(Dataset excerpts)
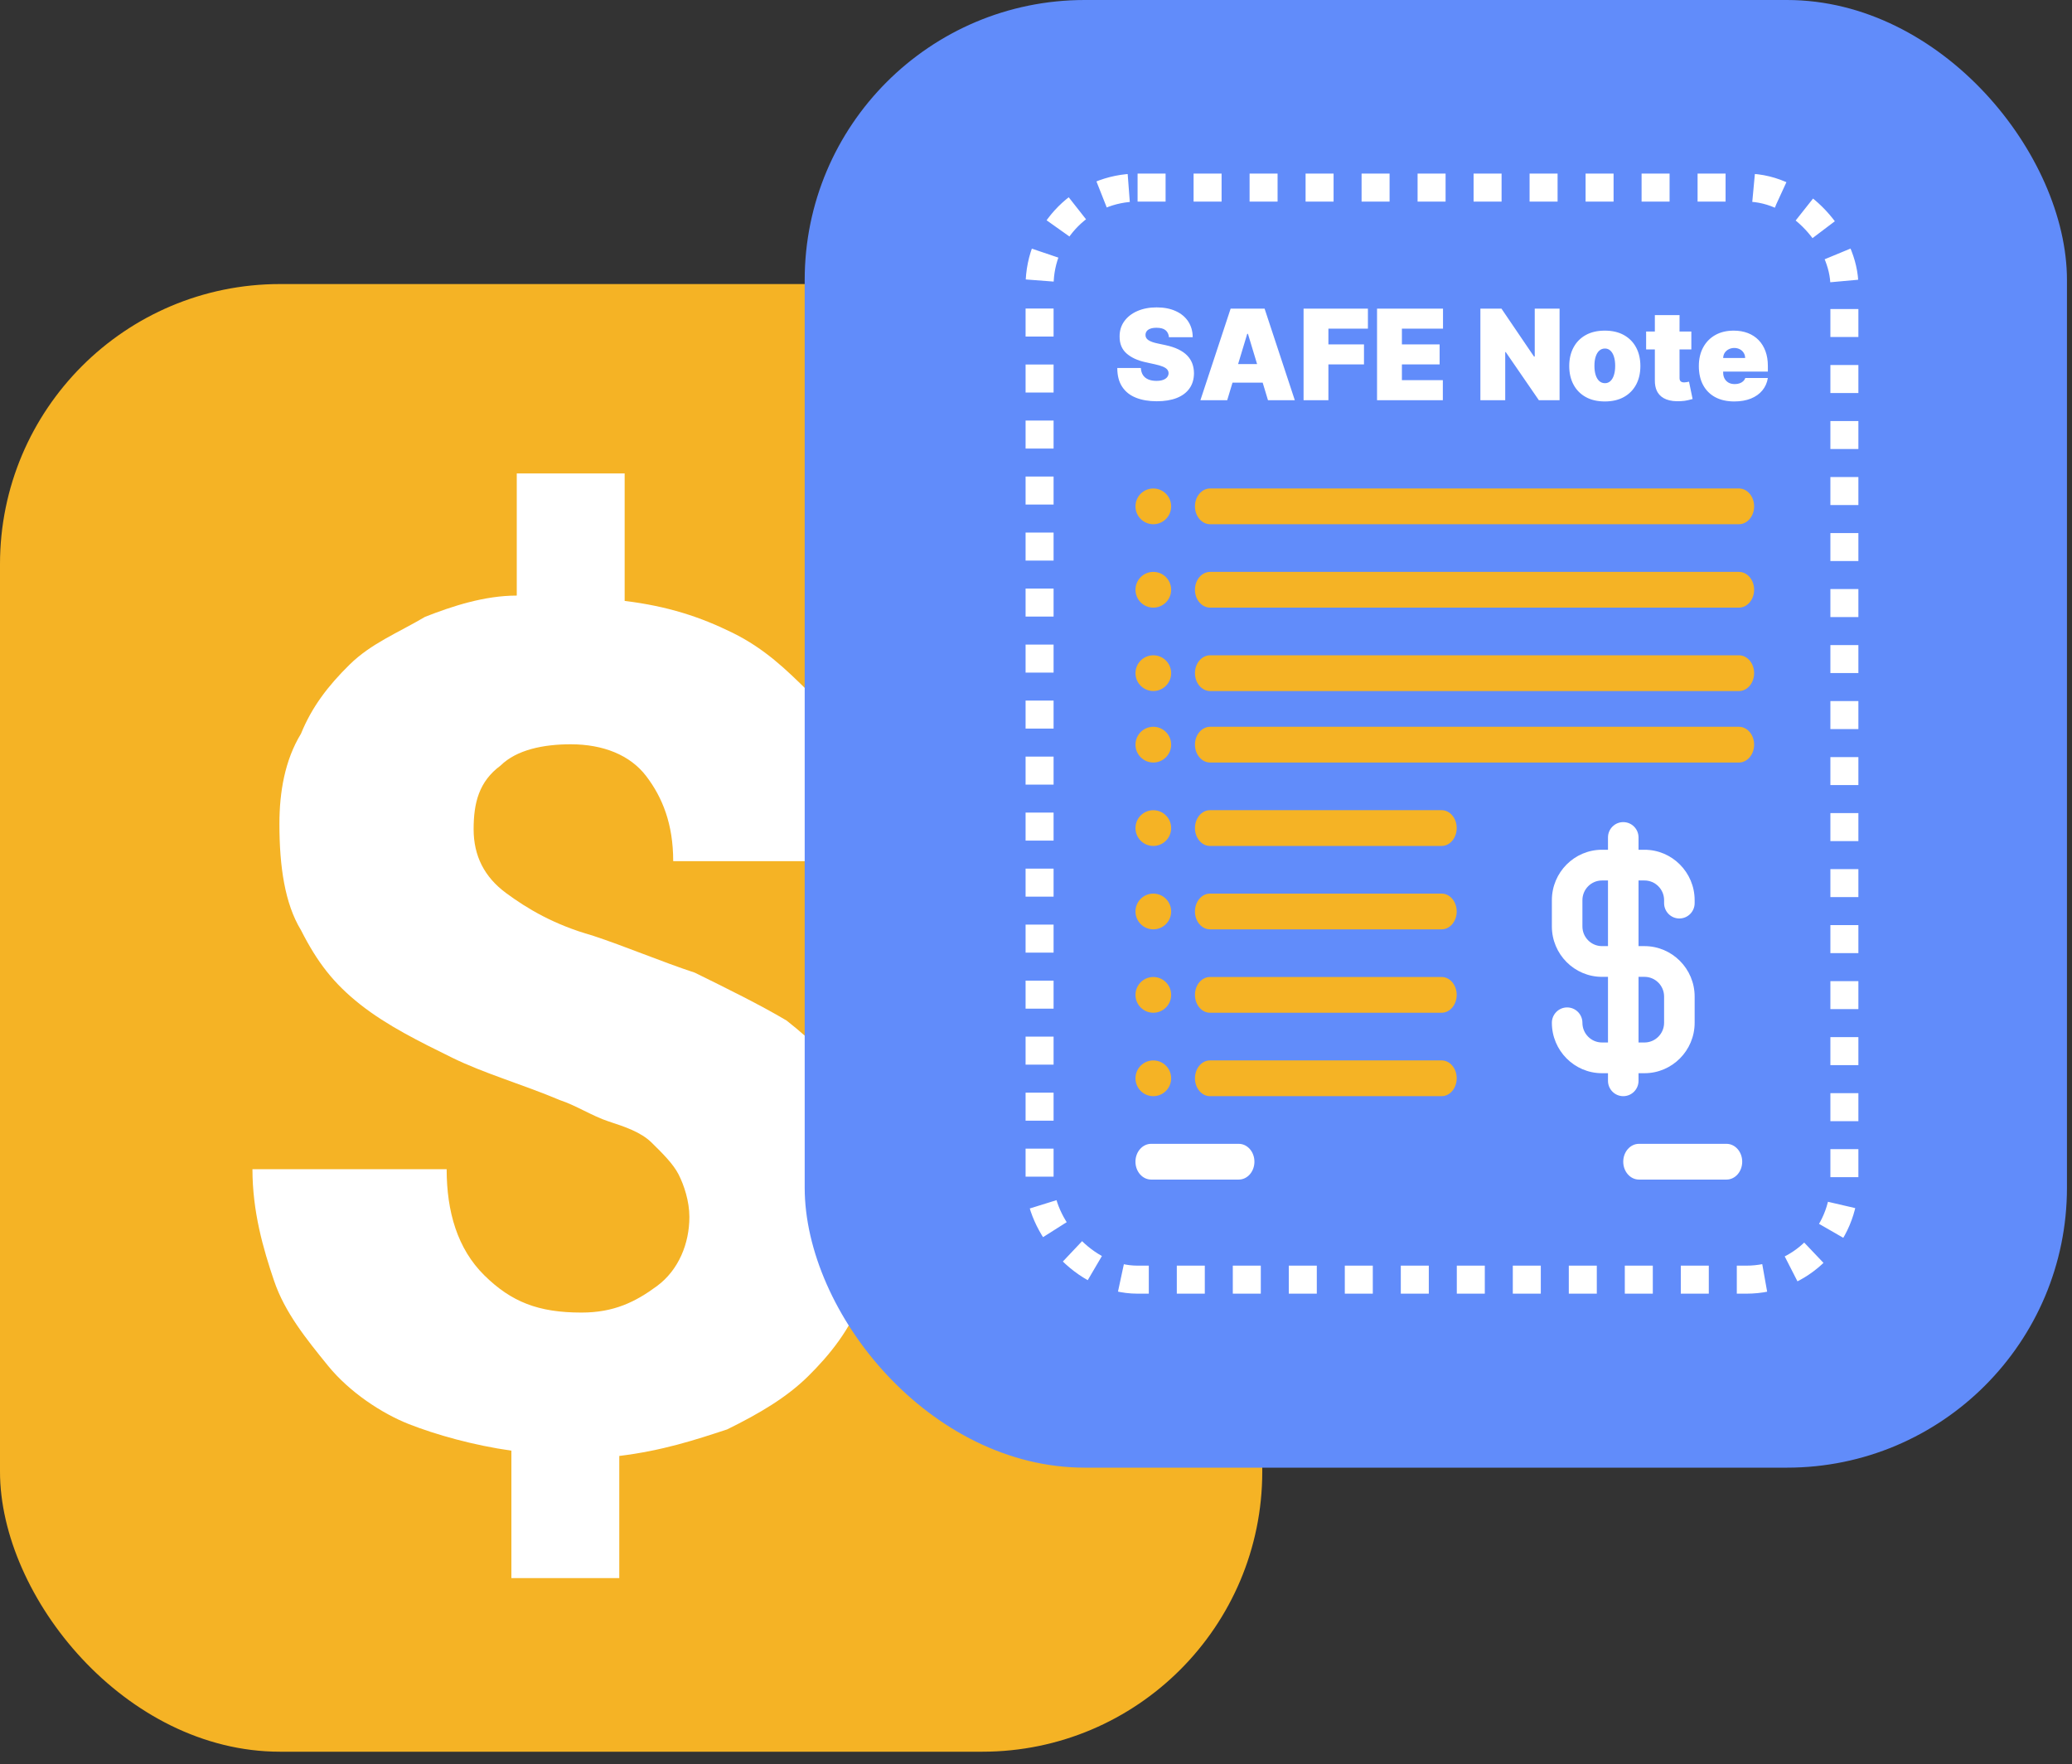 <svg width="74" height="63" viewBox="0 0 74 63" fill="none" xmlns="http://www.w3.org/2000/svg">
<rect x="0" y="0" width="74" height="63" fill="#333333" stroke="none"/>
<rect y="10.143" width="45.081" height="52.407" rx="10" fill="#F5B325"/>
<path d="M22.309 21.457C23.851 21.647 25.006 22.026 26.162 22.595C27.318 23.164 28.089 23.922 28.86 24.681C29.63 25.439 30.208 26.388 30.401 27.526C30.786 28.474 30.979 29.612 30.979 30.75H24.043C24.043 29.422 23.658 28.474 23.08 27.715C22.502 26.957 21.539 26.577 20.383 26.577C19.419 26.577 18.456 26.767 17.878 27.336C17.108 27.905 16.915 28.663 16.915 29.612C16.915 30.56 17.3 31.318 18.071 31.887C18.841 32.456 19.805 33.025 21.153 33.404C22.309 33.784 23.658 34.353 24.814 34.732C25.97 35.301 27.126 35.87 28.089 36.439C29.052 37.197 29.823 37.956 30.593 39.094C31.171 40.042 31.557 41.37 31.557 42.697C31.557 44.025 31.364 45.162 30.786 46.3C30.401 47.438 29.63 48.386 28.86 49.145C28.089 49.903 27.126 50.472 25.97 51.041C24.814 51.421 23.658 51.8 22.117 51.989V56.351H18.264V51.8C16.915 51.61 15.566 51.231 14.603 50.852C13.64 50.472 12.484 49.714 11.713 48.766C10.943 47.817 10.172 46.869 9.787 45.731C9.401 44.593 9.016 43.266 9.016 41.749H15.952C15.952 43.266 16.337 44.593 17.3 45.542C18.264 46.49 19.227 46.869 20.768 46.869C21.924 46.869 22.695 46.49 23.465 45.921C24.236 45.352 24.621 44.404 24.621 43.456C24.621 42.887 24.428 42.318 24.236 41.938C24.043 41.559 23.658 41.18 23.273 40.801C22.887 40.421 22.309 40.232 21.731 40.042C21.153 39.852 20.575 39.473 19.997 39.283C18.649 38.715 17.3 38.335 16.144 37.766C14.988 37.197 13.832 36.628 12.869 35.87C11.906 35.111 11.328 34.353 10.75 33.215C10.172 32.267 9.979 30.939 9.979 29.422C9.979 28.284 10.172 27.146 10.75 26.198C11.135 25.25 11.713 24.491 12.484 23.733C13.255 22.974 14.218 22.595 15.181 22.026C16.144 21.647 17.3 21.267 18.456 21.267V16.905H22.309V21.457Z" fill="white"/>
<rect x="28.739" width="45.081" height="52.407" rx="10" fill="#618CFA"/>
<rect x="37.128" y="6.699" width="28.743" height="38.995" rx="3.5" stroke="white" stroke-dasharray="1"/>
<path d="M62.104 24.676H43.22C42.92 24.676 42.677 24.39 42.677 24.037C42.677 23.685 42.92 23.399 43.22 23.399H62.104C62.404 23.399 62.647 23.685 62.647 24.037C62.647 24.39 62.404 24.676 62.104 24.676Z" fill="#F5B325"/>
<path d="M62.104 27.228H43.22C42.92 27.228 42.677 26.943 42.677 26.59C42.677 26.238 42.92 25.952 43.22 25.952H62.104C62.404 25.952 62.647 26.238 62.647 26.59C62.647 26.943 62.404 27.228 62.104 27.228Z" fill="#F5B325"/>
<path d="M51.488 30.207H43.214C42.917 30.207 42.677 29.921 42.677 29.569C42.677 29.216 42.917 28.93 43.214 28.93H51.488C51.784 28.93 52.025 29.216 52.025 29.569C52.025 29.921 51.784 30.207 51.488 30.207Z" fill="#F5B325"/>
<path d="M51.488 33.185H43.214C42.917 33.185 42.677 32.899 42.677 32.547C42.677 32.194 42.917 31.909 43.214 31.909H51.488C51.784 31.909 52.025 32.194 52.025 32.547C52.025 32.899 51.784 33.185 51.488 33.185Z" fill="#F5B325"/>
<path d="M62.104 18.719H43.22C42.92 18.719 42.677 18.433 42.677 18.081C42.677 17.728 42.92 17.442 43.22 17.442H62.104C62.404 17.442 62.647 17.728 62.647 18.081C62.647 18.433 62.404 18.719 62.104 18.719Z" fill="#F5B325"/>
<path d="M62.104 21.697H43.22C42.92 21.697 42.677 21.411 42.677 21.059C42.677 20.706 42.92 20.421 43.22 20.421H62.104C62.404 20.421 62.647 20.706 62.647 21.059C62.647 21.411 62.404 21.697 62.104 21.697Z" fill="#F5B325"/>
<ellipse cx="41.19" cy="24.037" rx="0.637" ry="0.638" fill="#F5B325"/>
<ellipse cx="41.19" cy="18.081" rx="0.637" ry="0.638" fill="#F5B325"/>
<ellipse cx="41.19" cy="21.059" rx="0.637" ry="0.638" fill="#F5B325"/>
<ellipse cx="41.19" cy="26.59" rx="0.637" ry="0.638" fill="#F5B325"/>
<ellipse cx="41.19" cy="29.569" rx="0.637" ry="0.638" fill="#F5B325"/>
<ellipse cx="41.19" cy="32.547" rx="0.637" ry="0.638" fill="#F5B325"/>
<path d="M51.488 36.163H43.214C42.917 36.163 42.677 35.878 42.677 35.525C42.677 35.173 42.917 34.887 43.214 34.887H51.488C51.784 34.887 52.025 35.173 52.025 35.525C52.025 35.878 51.784 36.163 51.488 36.163Z" fill="#F5B325"/>
<ellipse cx="41.19" cy="35.525" rx="0.637" ry="0.638" fill="#F5B325"/>
<path d="M51.488 39.142H43.214C42.917 39.142 42.677 38.856 42.677 38.504C42.677 38.151 42.917 37.865 43.214 37.865H51.488C51.784 37.865 52.025 38.151 52.025 38.504C52.025 38.856 51.784 39.142 51.488 39.142Z" fill="#F5B325"/>
<path d="M44.242 42.12H41.112C40.803 42.12 40.552 41.834 40.552 41.482C40.552 41.13 40.803 40.844 41.112 40.844H44.242C44.551 40.844 44.801 41.13 44.801 41.482C44.801 41.834 44.551 42.12 44.242 42.12Z" fill="white"/>
<path d="M61.662 42.12H58.533C58.224 42.12 57.973 41.834 57.973 41.482C57.973 41.13 58.224 40.844 58.533 40.844H61.662C61.971 40.844 62.222 41.13 62.222 41.482C62.222 41.834 61.972 42.12 61.662 42.12Z" fill="white"/>
<ellipse cx="41.19" cy="38.504" rx="0.637" ry="0.638" fill="#F5B325"/>
<path fill-rule="evenodd" clip-rule="evenodd" d="M59.977 32.797C60.279 32.797 60.523 32.551 60.523 32.248V32.143C60.523 31.151 59.719 30.343 58.732 30.343H58.519V29.904C58.519 29.601 58.275 29.356 57.973 29.356C57.672 29.356 57.428 29.601 57.428 29.904V30.343H57.214C56.227 30.343 55.424 31.151 55.424 32.143V33.081C55.424 34.073 56.227 34.881 57.214 34.881H57.428V37.225H57.214C56.828 37.225 56.515 36.909 56.515 36.522C56.515 36.219 56.27 35.973 55.969 35.973C55.668 35.973 55.424 36.219 55.424 36.522C55.424 37.514 56.227 38.322 57.214 38.322H57.428V38.593C57.428 38.896 57.672 39.142 57.973 39.142C58.275 39.142 58.519 38.896 58.519 38.593V38.322H58.732C59.719 38.322 60.523 37.514 60.523 36.522V35.584C60.523 34.592 59.719 33.784 58.732 33.784H58.519V31.44H58.732C59.118 31.44 59.432 31.756 59.432 32.143V32.248C59.432 32.551 59.676 32.797 59.977 32.797ZM58.732 34.881C59.118 34.881 59.432 35.196 59.432 35.584V36.522C59.432 36.909 59.118 37.225 58.732 37.225H58.519V34.881H58.732V34.881ZM57.214 33.784H57.428V31.44H57.214C56.828 31.44 56.515 31.756 56.515 32.143V33.081C56.515 33.468 56.828 33.784 57.214 33.784Z" fill="white"/>
<path fill-rule="evenodd" clip-rule="evenodd" d="M41.314 14.328C41.59 14.328 41.827 14.289 42.025 14.212C42.222 14.134 42.374 14.021 42.48 13.872C42.587 13.723 42.641 13.541 42.642 13.326C42.641 13.201 42.621 13.086 42.582 12.981C42.543 12.876 42.483 12.781 42.401 12.696C42.319 12.611 42.213 12.538 42.085 12.475C41.956 12.412 41.801 12.362 41.62 12.323L41.352 12.266C41.274 12.25 41.207 12.232 41.151 12.212C41.094 12.191 41.048 12.169 41.012 12.144C40.976 12.119 40.949 12.091 40.933 12.059C40.916 12.028 40.909 11.992 40.911 11.953C40.912 11.905 40.927 11.863 40.955 11.825C40.982 11.788 41.025 11.758 41.083 11.737C41.141 11.715 41.216 11.704 41.307 11.704C41.451 11.704 41.558 11.734 41.629 11.793C41.7 11.853 41.739 11.936 41.748 12.042H42.597C42.596 11.829 42.543 11.642 42.438 11.481C42.333 11.321 42.185 11.197 41.992 11.109C41.799 11.02 41.571 10.976 41.307 10.976C41.049 10.976 40.82 11.02 40.62 11.107C40.42 11.194 40.265 11.316 40.152 11.472C40.04 11.628 39.984 11.809 39.986 12.017C39.984 12.272 40.067 12.474 40.234 12.621C40.4 12.768 40.628 12.873 40.918 12.936L41.243 13.007C41.365 13.033 41.461 13.062 41.532 13.092C41.604 13.122 41.655 13.156 41.686 13.194C41.718 13.232 41.734 13.276 41.735 13.326C41.734 13.379 41.717 13.426 41.684 13.468C41.651 13.509 41.603 13.542 41.539 13.565C41.475 13.589 41.396 13.6 41.301 13.6C41.188 13.6 41.091 13.583 41.01 13.548C40.928 13.513 40.865 13.461 40.82 13.393C40.776 13.325 40.751 13.241 40.745 13.141H39.903C39.904 13.414 39.962 13.638 40.079 13.813C40.195 13.989 40.359 14.118 40.571 14.202C40.782 14.286 41.029 14.328 41.314 14.328ZM43.829 14.29L44.018 13.664H45.096L45.285 14.29H46.243L45.164 11.021H43.951L42.872 14.29H43.829ZM44.218 13H44.896L44.57 11.921H44.544L44.218 13ZM47.443 14.29V13.013H48.714V12.298H47.443V11.736H48.854V11.021H46.556V14.29H47.443ZM51.53 13.575V14.29H49.18V11.021H51.536V11.736H50.068V12.298H51.415V13.013H50.068V13.575H51.53ZM53.758 14.29V12.572H53.777L54.959 14.29H55.699V11.021H54.812V12.732H54.786L53.624 11.021H52.871V14.29H53.758ZM57.998 14.176C57.808 14.282 57.581 14.335 57.315 14.335C57.049 14.335 56.821 14.282 56.632 14.176C56.442 14.07 56.297 13.922 56.196 13.732C56.095 13.542 56.044 13.322 56.044 13.07C56.044 12.819 56.095 12.599 56.196 12.409C56.297 12.219 56.442 12.071 56.632 11.965C56.821 11.859 57.049 11.806 57.315 11.806C57.581 11.806 57.808 11.859 57.998 11.965C58.187 12.071 58.333 12.219 58.434 12.409C58.535 12.599 58.585 12.819 58.585 13.07C58.585 13.322 58.535 13.542 58.434 13.732C58.333 13.922 58.187 14.07 57.998 14.176ZM57.321 13.683C57.242 13.683 57.175 13.658 57.118 13.608C57.062 13.558 57.019 13.487 56.989 13.394C56.959 13.302 56.944 13.192 56.944 13.064C56.944 12.935 56.959 12.825 56.989 12.733C57.019 12.641 57.062 12.57 57.118 12.52C57.175 12.47 57.242 12.445 57.321 12.445C57.395 12.445 57.46 12.47 57.514 12.52C57.569 12.57 57.611 12.641 57.64 12.733C57.67 12.825 57.685 12.935 57.685 13.064C57.685 13.192 57.67 13.302 57.64 13.394C57.611 13.487 57.569 13.558 57.514 13.608C57.46 13.658 57.395 13.683 57.321 13.683ZM60.281 14.291C60.208 14.309 60.122 14.32 60.022 14.325C59.82 14.336 59.65 14.315 59.513 14.262C59.376 14.209 59.272 14.126 59.203 14.012L59.171 13.953C59.124 13.85 59.101 13.727 59.102 13.584L59.102 12.477L58.79 12.477V11.838L59.102 11.838L59.102 11.251H59.984L59.983 11.838L60.405 11.838V12.477L59.983 12.477L59.984 13.501C59.984 13.535 59.989 13.564 60.001 13.587C60.013 13.61 60.031 13.627 60.056 13.638C60.08 13.649 60.111 13.655 60.15 13.655C60.176 13.655 60.207 13.651 60.243 13.645C60.279 13.639 60.305 13.633 60.322 13.629L60.45 14.248C60.41 14.26 60.354 14.274 60.281 14.291ZM61.938 14.335C62.164 14.335 62.362 14.3 62.532 14.232C62.702 14.163 62.838 14.066 62.941 13.941C63.045 13.816 63.11 13.668 63.138 13.498H62.333C62.316 13.544 62.29 13.583 62.254 13.616C62.217 13.648 62.174 13.673 62.123 13.69C62.073 13.707 62.017 13.715 61.957 13.715C61.869 13.715 61.795 13.698 61.733 13.663C61.671 13.627 61.624 13.579 61.591 13.517C61.558 13.456 61.542 13.385 61.542 13.307L61.541 13.269L63.138 13.268V13.064C63.138 12.869 63.109 12.694 63.052 12.539C62.994 12.383 62.912 12.251 62.806 12.142C62.699 12.033 62.571 11.95 62.421 11.892C62.271 11.835 62.103 11.806 61.918 11.806C61.665 11.806 61.445 11.859 61.259 11.964C61.073 12.069 60.929 12.217 60.827 12.406C60.724 12.596 60.673 12.817 60.673 13.07C60.673 13.334 60.724 13.561 60.826 13.75C60.927 13.938 61.073 14.083 61.261 14.184C61.45 14.284 61.676 14.335 61.938 14.335ZM61.598 12.596C61.563 12.649 61.544 12.712 61.542 12.783H62.327C62.326 12.713 62.308 12.651 62.273 12.597C62.239 12.543 62.193 12.501 62.135 12.471C62.077 12.441 62.011 12.425 61.938 12.425C61.866 12.425 61.801 12.441 61.741 12.471C61.681 12.501 61.634 12.543 61.598 12.596Z" fill="white"/>
</svg>

**Task goal**
From the records above, retype only the lines starting at the line that contains "24.676H43.22C42.92 24.676 42.677" and ending at the line that contains "33.185H43.214C42.917 33.185 42.677", both included.

**Written response**
<path d="M62.104 24.676H43.22C42.92 24.676 42.677 24.39 42.677 24.037C42.677 23.685 42.92 23.399 43.22 23.399H62.104C62.404 23.399 62.647 23.685 62.647 24.037C62.647 24.39 62.404 24.676 62.104 24.676Z" fill="#F5B325"/>
<path d="M62.104 27.228H43.22C42.92 27.228 42.677 26.943 42.677 26.59C42.677 26.238 42.92 25.952 43.22 25.952H62.104C62.404 25.952 62.647 26.238 62.647 26.59C62.647 26.943 62.404 27.228 62.104 27.228Z" fill="#F5B325"/>
<path d="M51.488 30.207H43.214C42.917 30.207 42.677 29.921 42.677 29.569C42.677 29.216 42.917 28.93 43.214 28.93H51.488C51.784 28.93 52.025 29.216 52.025 29.569C52.025 29.921 51.784 30.207 51.488 30.207Z" fill="#F5B325"/>
<path d="M51.488 33.185H43.214C42.917 33.185 42.677 32.899 42.677 32.547C42.677 32.194 42.917 31.909 43.214 31.909H51.488C51.784 31.909 52.025 32.194 52.025 32.547C52.025 32.899 51.784 33.185 51.488 33.185Z" fill="#F5B325"/>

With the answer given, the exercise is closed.